___ Entries supplied ___

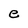
Character: e
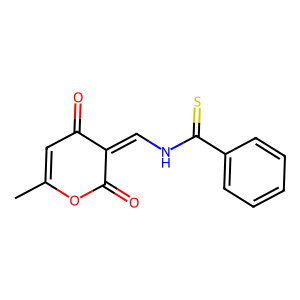
SMILES: CC1=CC(=O)C(=CNC(=S)c2ccccc2)C(=O)O1
Inhibits HIV replication: No
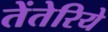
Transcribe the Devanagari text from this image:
तेंतेरिये
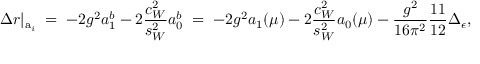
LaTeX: \Delta r | _ { \mathrm { a } _ { i } } \; = \; - 2 g ^ { 2 } a _ { 1 } ^ { b } - 2 \frac { c _ { W } ^ { 2 } } { s _ { W } ^ { 2 } } a _ { 0 } ^ { b } \; = \; - 2 g ^ { 2 } a _ { 1 } ( \mu ) - 2 \frac { c _ { W } ^ { 2 } } { s _ { W } ^ { 2 } } a _ { 0 } ( \mu ) - \frac { g ^ { 2 } } { 1 6 \pi ^ { 2 } } \frac { 1 1 } { 1 2 } \Delta _ { \epsilon } ,
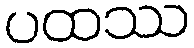
ပထဿ
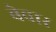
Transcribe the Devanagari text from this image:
बेवार
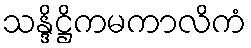
သန္ဒိဋ္ဌိကမကာလိကံ
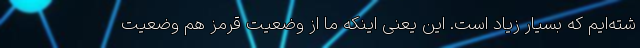
شته‌ایم که بسیار زیاد است. این یعنی اینکه ما از وضعیت قرمز هم وضعیت
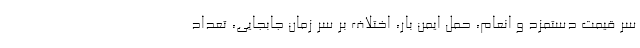
سر قیمت دستمزد و انعام، حمل ایمن بار، اختلاف بر سر زمان جابجایی، تعداد
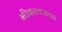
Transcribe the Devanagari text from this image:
सचिवालयाजवळ
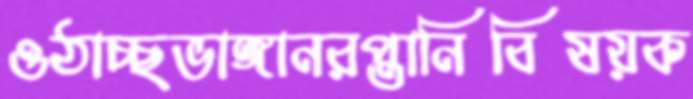
ওঠাচ্ছভাঙ্গানরপ্তানিবিষয়ক
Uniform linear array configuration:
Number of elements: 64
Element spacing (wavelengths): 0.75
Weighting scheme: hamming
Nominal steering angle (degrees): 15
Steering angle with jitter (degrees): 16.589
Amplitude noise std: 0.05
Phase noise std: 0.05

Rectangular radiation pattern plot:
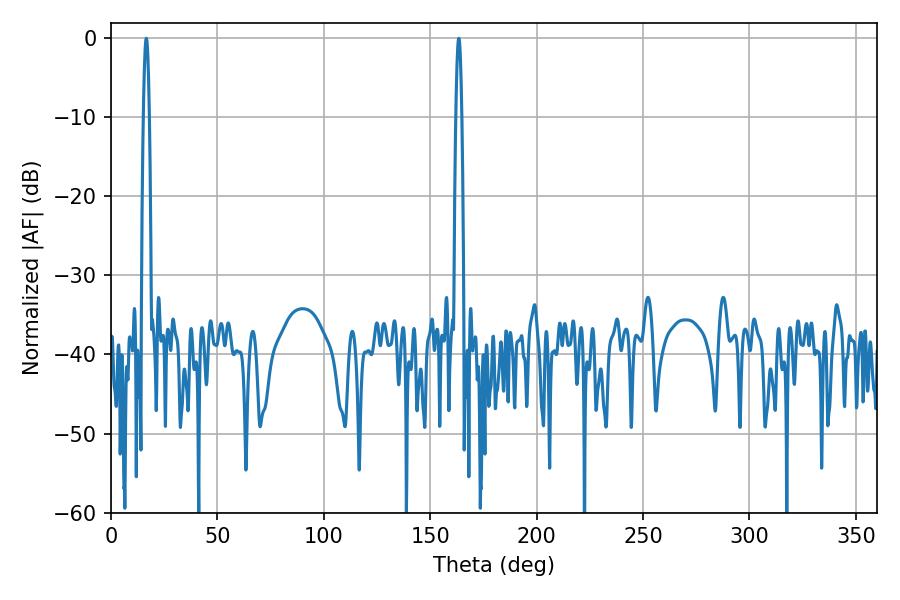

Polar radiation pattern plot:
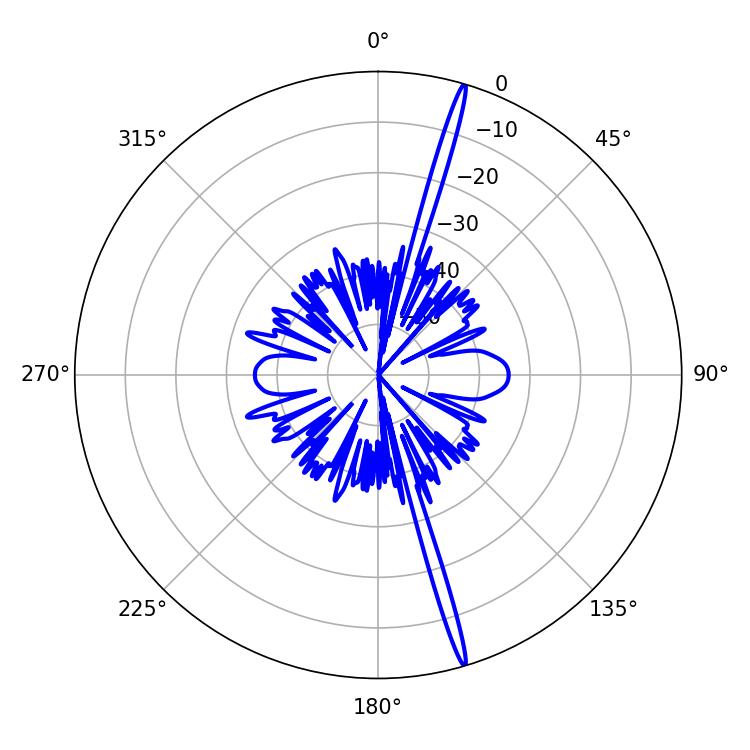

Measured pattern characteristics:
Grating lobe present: TRUE
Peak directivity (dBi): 20.694
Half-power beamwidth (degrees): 1.44
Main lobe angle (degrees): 16.56
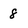
Character: 8
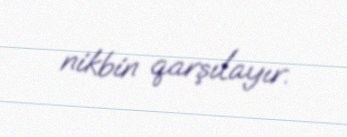
nikbin qarşılayır.
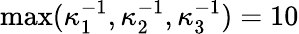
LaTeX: \operatorname*{max}(\kappa_{1}^{-1},\kappa_{2}^{-1},\kappa_{3}^{-1})=10
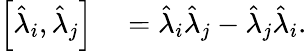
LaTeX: \begin{array}{rl}{\left[\hat{\lambda}_{i},\hat{\lambda}_{j}\right]}&{{}=\hat{\lambda}_{i}\hat{\lambda}_{j}-\hat{\lambda}_{j}\hat{\lambda}_{i}.}\end{array}
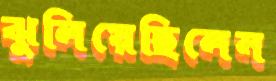
ঝুলিয়েছিলেন
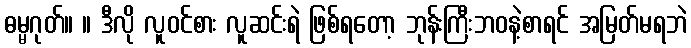
ဓမ္မဂုတ်။ ။ ဒီလို လူဝင်စား လူဆင်းရဲ ဖြစ်ရတော့ ဘုန်းကြီးဘဝနဲ့စာရင် အမြတ်မရဘဲ
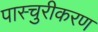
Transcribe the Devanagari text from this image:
पास्चुरीकरण
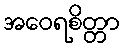
အဝေရစိတ္တာ
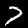
Digit: 7
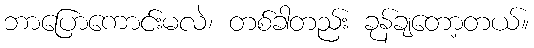
ဘာပြောကောင်းမလဲ၊ တစ်ခါတည်း ခုန်ချတော့တယ်။
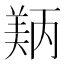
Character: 𬙵
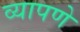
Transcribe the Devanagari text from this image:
व्यापणे
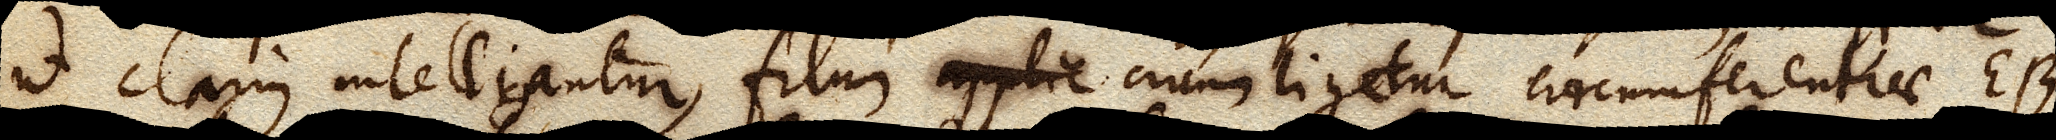
ut clarius intelligantur, filum applic circumligetur circumferentiae EB,

___

**Required action**
Reproduce the lines from the one with "Peak directivity (dBi): 20.694" through the end of the data, keeping both end lines, adding nothing, and dropping any pictures.

**Output**
Peak directivity (dBi): 20.694
Half-power beamwidth (degrees): 1.44
Main lobe angle (degrees): 16.56
Character: 8
nikbin qarşılayır.
LaTeX: \operatorname*{max}(\kappa_{1}^{-1},\kappa_{2}^{-1},\kappa_{3}^{-1})=10
LaTeX: \begin{array}{rl}{\left[\hat{\lambda}_{i},\hat{\lambda}_{j}\right]}&{{}=\hat{\lambda}_{i}\hat{\lambda}_{j}-\hat{\lambda}_{j}\hat{\lambda}_{i}.}\end{array}
ঝুলিয়েছিলেন
ဓမ္မဂုတ်။ ။ ဒီလို လူဝင်စား လူဆင်းရဲ ဖြစ်ရတော့ ဘုန်းကြီးဘဝနဲ့စာရင် အမြတ်မရဘဲ
Transcribe the Devanagari text from this image:
पास्चुरीकरण
အဝေရစိတ္တာ
Digit: 7
ဘာပြောကောင်းမလဲ၊ တစ်ခါတည်း ခုန်ချတော့တယ်။
Character: 𬙵
Transcribe the Devanagari text from this image:
व्यापणे
ut clarius intelligantur, filum applic circumligetur circumferentiae EB,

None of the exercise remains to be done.